Screencast video [⯈]
Module overview
This module will cover the following topics:
- Structures of non-recursive systems - First a general overview of a non-recursive system is explained.
- Structures of recursive systems - Afterwards this class of filters is extented to also include recursive filters.
- Transposition theorem - Here a method is discussed to change the structure of a filter.
- Special structures [⯈] - Finally the theory is put into practice and some very common examples of filter structures are discussed.
Summary
General difference equation and system function
\begin{eqnarray*} y[n]&=&\sum_{k=0}^{M-1} b_k x[n-k] + \sum_{k=1}^{N-1} a_k y[n-k]\newline H(z) &=& \frac{Y(z)}{X(z)}= \frac{\sum_{k=0}^{M-1}b_kz^{-k}}{1-\sum_{k=1}^{N-1}a_kz^{-k}}= \frac{\color{blue}{B(z)}}{\color{brown}{A(z)}} \end{eqnarray*}
Structures for Non Recursive systems
$$ \mbox{Impulse response: } h[n]=\sum_{k=0}^{M-1} h_k \delta[n-k] \hspace{2mm} \mbox{ with } \hspace{2mm} h_k=b_k $$ \begin{eqnarray*} \color{red}{\text{Direct form}} & : & H(z) = \sum_{n=0}^{M-1} h_k z^{-k} \end{eqnarray*} \begin{eqnarray*} \color{red}{\text{Cascadeform}} &:& H(z) = C \prod_{k=1}^{M-1} \left (1 - \alpha_k z^{-1} \right ) \newline & & H(z)= C \prod_{k=1}^{M_s} \left ( 1 + \beta_{1,k}z^{-1} + \beta_{2,k}z^{-2} \right ) \end{eqnarray*}
Structures for Recursive systems
\begin{eqnarray*} \color{red}{\text{Direct form I}} & : & H(z) = \color{blue}{B(z)} \cdot \color{brown}{\frac{1}{A(z)}} \newline \color{red}{\text{Direct form II}} & : & H(z) = \color{brown}{\frac{1}{A(z)}} \cdot \color{blue}{B(z)} \newline \color{red}{\text{Cascade}} & : & H(z)= C \prod_{k=1}^{\text{max} \{ N-1,M-1\}} \frac{1 - \beta_k z^{-1}}{1 - \alpha_k z^{-1}} \newline \color{red}{\text{Parallel} (N>M, \alpha_i \neq \alpha_k)} & : & H(z)= \sum_{k=1}^{N-1} \frac{C_k}{1 - \alpha_kz^{-1}} \end{eqnarray*}
Transposition theorem
- Reverse direction of all branches.
- Change branch points ($\color{blue}{\bullet}$)into summation nodes ($\color{red}{\oplus}$)and vice versa.

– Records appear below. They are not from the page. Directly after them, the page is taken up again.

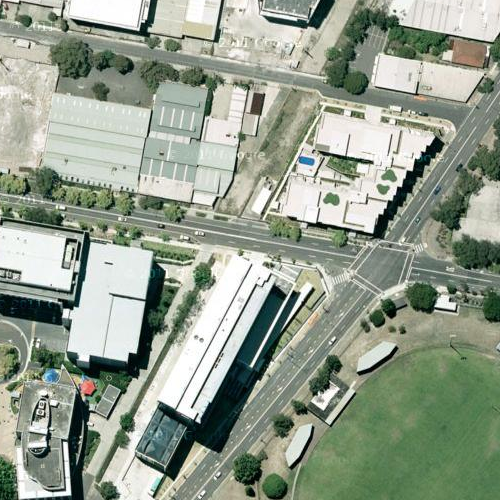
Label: sydney
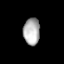
Tissue: lung
Cell type: Endothelial cells
Senescence score: 0.5459
Nuclear area (px): 435
Mean DAPI intensity: 176.216
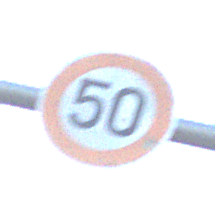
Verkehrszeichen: Geschwindigkeit50
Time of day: SunriseSunset
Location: Outdoor (Nature)
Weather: Clear
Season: NotSpecified
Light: Natural
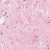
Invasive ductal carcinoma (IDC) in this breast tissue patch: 0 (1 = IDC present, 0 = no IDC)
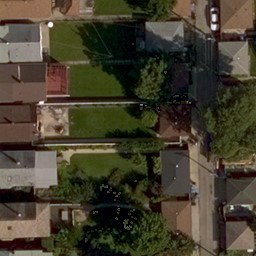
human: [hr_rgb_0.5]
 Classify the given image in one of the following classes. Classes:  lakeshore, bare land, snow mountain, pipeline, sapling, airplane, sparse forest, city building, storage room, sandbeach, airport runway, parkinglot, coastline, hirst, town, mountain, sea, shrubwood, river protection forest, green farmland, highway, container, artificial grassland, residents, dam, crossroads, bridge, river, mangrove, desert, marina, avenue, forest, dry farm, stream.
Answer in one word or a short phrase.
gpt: residents
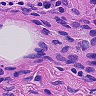
Metastatic tissue present: no
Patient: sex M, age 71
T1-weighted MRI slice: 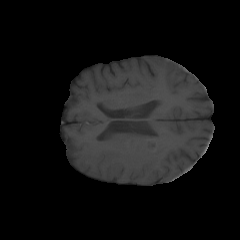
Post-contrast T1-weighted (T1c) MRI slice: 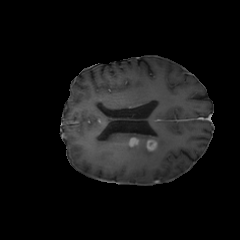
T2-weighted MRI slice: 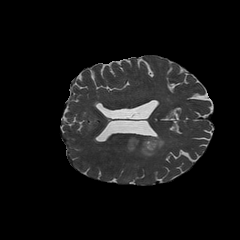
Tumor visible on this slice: yes
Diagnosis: Glioblastoma, IDH-wildtype
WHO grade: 4
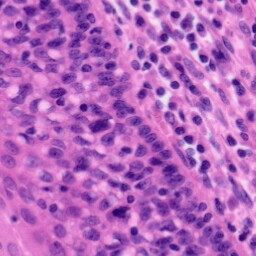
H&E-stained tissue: Tonsil
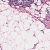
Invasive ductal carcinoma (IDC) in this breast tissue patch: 0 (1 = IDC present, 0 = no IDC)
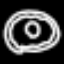
Label: donut
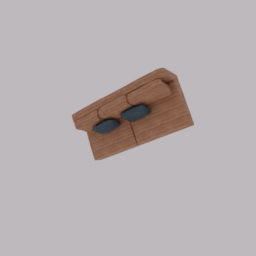
Label: furniture
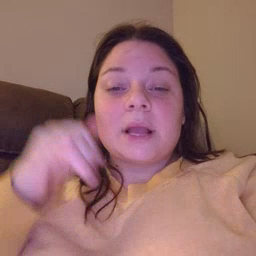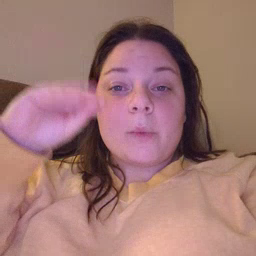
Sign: cowboy
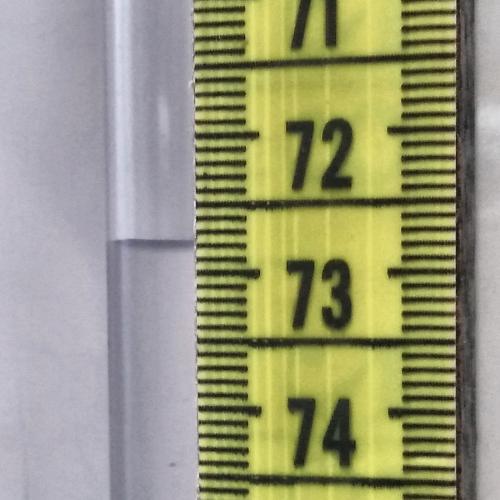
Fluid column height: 72.8 cm
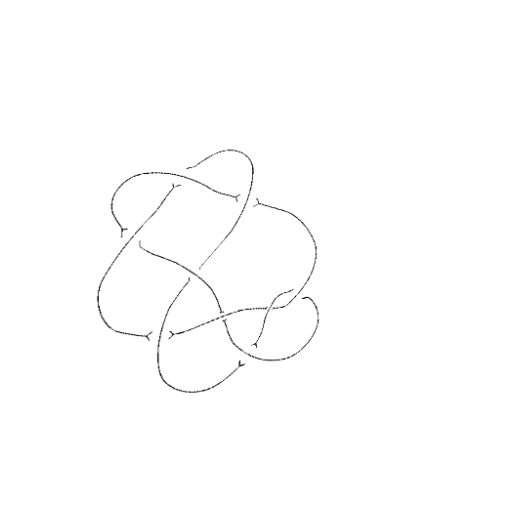
Crossing number: 9
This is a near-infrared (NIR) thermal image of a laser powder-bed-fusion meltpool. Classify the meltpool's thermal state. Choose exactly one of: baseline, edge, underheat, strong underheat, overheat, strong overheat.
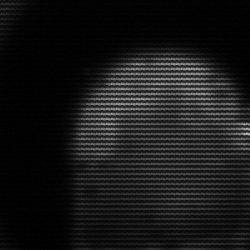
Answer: edge
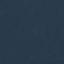
Land use / land cover class: SeaLake
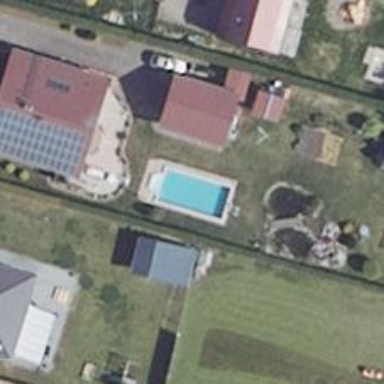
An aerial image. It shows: Swimming pool located in leisure land.
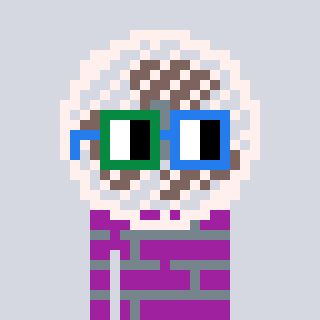
a pixel art character with square green and blue glasses, a fan-shaped head and a magenta-colored body on a cool background

- Interchange the input ($\color{green}{x[n]}$) and output ($y[n]$).
Linear-phase filter
\begin{eqnarray*} H(e^{j\theta}) &=&|H(e^{j\theta})| \cdot e^{j\varphi \{ H(e^{j\theta}) \}} \newline \varphi \{ H(e^{j\theta}) \} &=& \color{red}{c} \cdot \theta + \color{blue}{\alpha} \cdot \frac{\pi}{2}\newline \text{with constant } \color{red}{c } &\text{ and }& \color{blue}{\alpha} \in \{ 0, \pm 1\}. \end{eqnarray*}
- Exact linear phase only with even/odd symmetry FIR.
- Only complex conjugated mirrored or on unit circle.
All-pass filter
$$ | H_{ap}(e^{j\theta})| = 1 \hspace{3mm} \forall \theta $$
Minimum and maximum phase system
$H_{min}(z)$: All zeros inside unit circle
$H_{max}(z)$: All zeros outside unit circle
Factoring: Product All pass and Minimum Phase filter
$$ H(z) = H_{ap}(z) \cdot H_{min}(z) $$
Comb filter
$$ G(z)=H(z^N) $$
Averaging filter
\begin{eqnarray*} h[n]= \frac{1}{M} \sum_{k=0}^{M-1} \delta[n-k] & \circ \hspace{-1.3mm} - \hspace{-1.3mm} \circ & H(e^{j\theta}) = \frac{1}{M} \frac{\sin (\frac{M}{2} \theta)}{\sin (\frac{1}{2} \theta)} \cdot e^{-j\frac{M-1}{2}\theta} \end{eqnarray*} \begin{eqnarray*} H(z)&=& \color{red}{\frac{1}{M} \prod_{n=0}^{M-1} ( 1- \alpha_n z^{-1})} \cdot \color{blue}{\frac{1}{1 - z^{-1}}} \hspace{3mm} \text{with zeros } \color{red}{\alpha_n=e^{j n \frac{2\pi}{M}}} \end{eqnarray*}
Frequency sampling filter
\begin{eqnarray*} h[n]= \sum_{k=0}^{M-1} h_k \delta[n-k] &\overset{\text{IDFT}}{\circ \hspace{-1.3mm} - \hspace{-1.3mm} \circ} & \frac{1}{M} \sum_{l=0}^{M-1} \color{blue}{H[l]} e^{j(2 \pi/M)l k} \end{eqnarray*} \begin{eqnarray*} H(z)&=& \left \{ \color{red}{\frac{1}{M} \cdot (1-z^{-M}) }\right \} \cdot \left \{ \color{blue}{\sum_{l=0}^{M-1} \frac{H[l]}{\left ( 1-\alpha_l z^{-1} \right )}} \right \} \hspace{3mm} \text{with } \color{red}{\alpha_l=e^{jl \frac{2 \pi}{M}}} \end{eqnarray*}
Lattice filter
A lattice filter consists of a number of cascaded modules and each module has the same structure. The structure has low sensitivity to parameter quantization effects, and a simple criterion for ensuring filter stability.